Information:
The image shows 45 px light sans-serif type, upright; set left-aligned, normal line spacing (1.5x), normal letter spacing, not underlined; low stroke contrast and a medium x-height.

---

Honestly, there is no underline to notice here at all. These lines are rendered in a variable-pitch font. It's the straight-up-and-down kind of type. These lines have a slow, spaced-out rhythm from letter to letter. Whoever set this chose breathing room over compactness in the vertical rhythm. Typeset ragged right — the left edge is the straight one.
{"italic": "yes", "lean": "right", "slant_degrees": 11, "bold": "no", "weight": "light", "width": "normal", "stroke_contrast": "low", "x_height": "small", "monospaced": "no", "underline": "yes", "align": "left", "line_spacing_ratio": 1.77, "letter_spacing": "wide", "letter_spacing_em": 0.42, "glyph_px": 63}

Task to carry out: Each line in the records that carries "normal" must be copied out.

Written solution:
The image shows 45 px light sans-serif type, upright; set left-aligned, normal line spacing (1.5x), normal letter spacing, not underlined; low stroke contrast and a medium x-height.
{"italic": "yes", "lean": "right", "slant_degrees": 11, "bold": "no", "weight": "light", "width": "normal", "stroke_contrast": "low", "x_height": "small", "monospaced": "no", "underline": "yes", "align": "left", "line_spacing_ratio": 1.77, "letter_spacing": "wide", "letter_spacing_em": 0.42, "glyph_px": 63}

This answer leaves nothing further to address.